Finally, you can also construct a new table with the row_index column and
then filter that instead, which I think could be fairly efficient, but I
haven't played with the API enough to know the most efficient way. I also
suspect it might be slightly annoying with the existing interface.
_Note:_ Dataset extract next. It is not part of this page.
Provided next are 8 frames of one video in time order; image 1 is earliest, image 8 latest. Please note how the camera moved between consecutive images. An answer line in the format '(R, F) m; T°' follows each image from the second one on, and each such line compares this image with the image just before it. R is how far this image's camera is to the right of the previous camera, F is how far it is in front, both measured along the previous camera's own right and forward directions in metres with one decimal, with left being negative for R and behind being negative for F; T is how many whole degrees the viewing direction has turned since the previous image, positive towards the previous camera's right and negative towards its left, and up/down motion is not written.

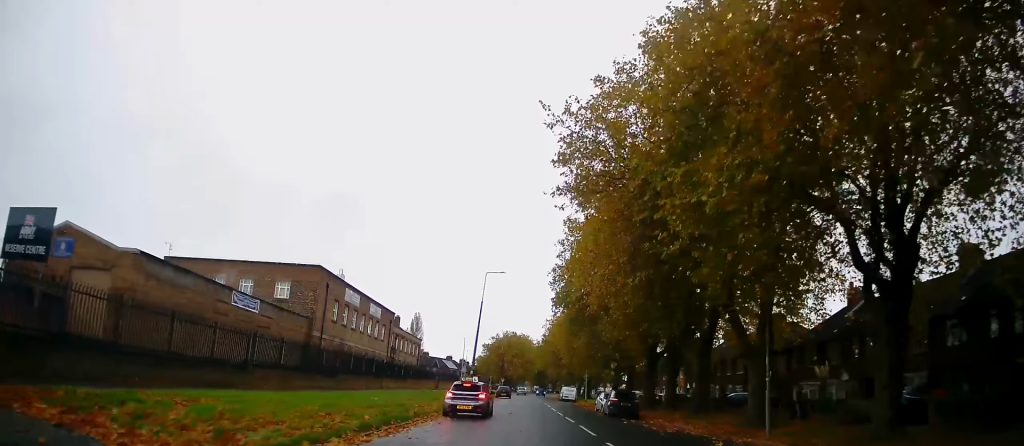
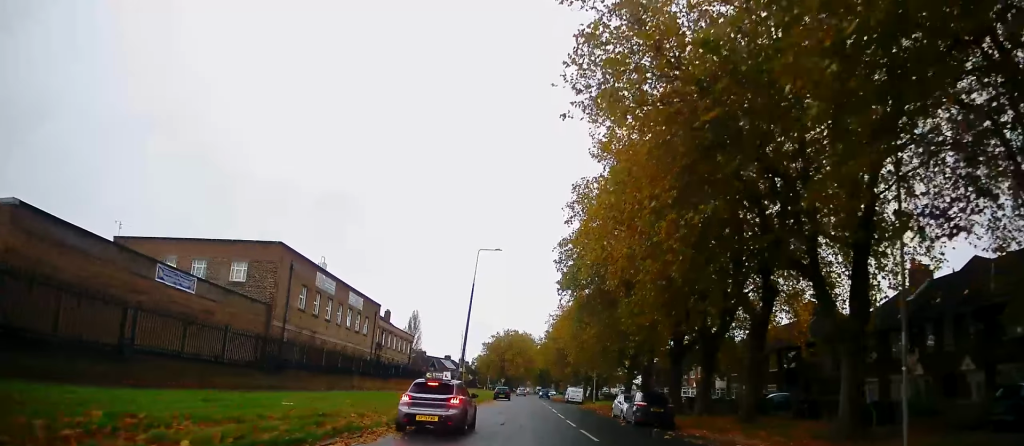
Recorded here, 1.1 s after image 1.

Either:
(a) dataset -> table -> table with extra column -> dataset -> scanner
builder with filter as above -> scanner -> fiinish
(b) table -> table with extra column -> dataset -> scanner builder with
filter as above -> scanner -> finish
The difference between (a) and (b) above being how you initially read the
data from S3 into memory (either as a dataset, leveraging the dataset
framework, or as tables, probably managing the reads a bit more manually).
<---- references -->
[1]:
https://arrow.apache.org/docs/cpp/api/table.html#_CPPv4NK5arrow11RecordBatch5SliceE7int64_t
[2]: https://arrow.apache.org/docs/cpp/compute.html#selections
[3]:
https://github.com/drin/cookbooks/blob/mainline/arrow/projection/project_from_dataset.cpp#L137
Aldrin Montana
Computer Science PhD Student
UC Santa Cruz
On Tue, May 17, 2022 at 9:33 AM 1057445597 <[email protected]> wrote:
> Can arrow skip a certain number of lines when reading data? I want to do
> distributed training, read data through arrow, my code is as follows
>
> dataset = getDatasetFromS3()
> scanner_builder = dataset->NewScan()
> scanner_builder->project()
> scanner = scanner_builder->finish()
> batch_reader = scanner->ToBatchReader()
> current_batch_ = batch_reader->ReadNext()
> deal the batch 。。。
>
> Can I skip a certain number of lines before calling ReadNext()? Or is
> there a skip() interface or an offset() interface?
>
>
>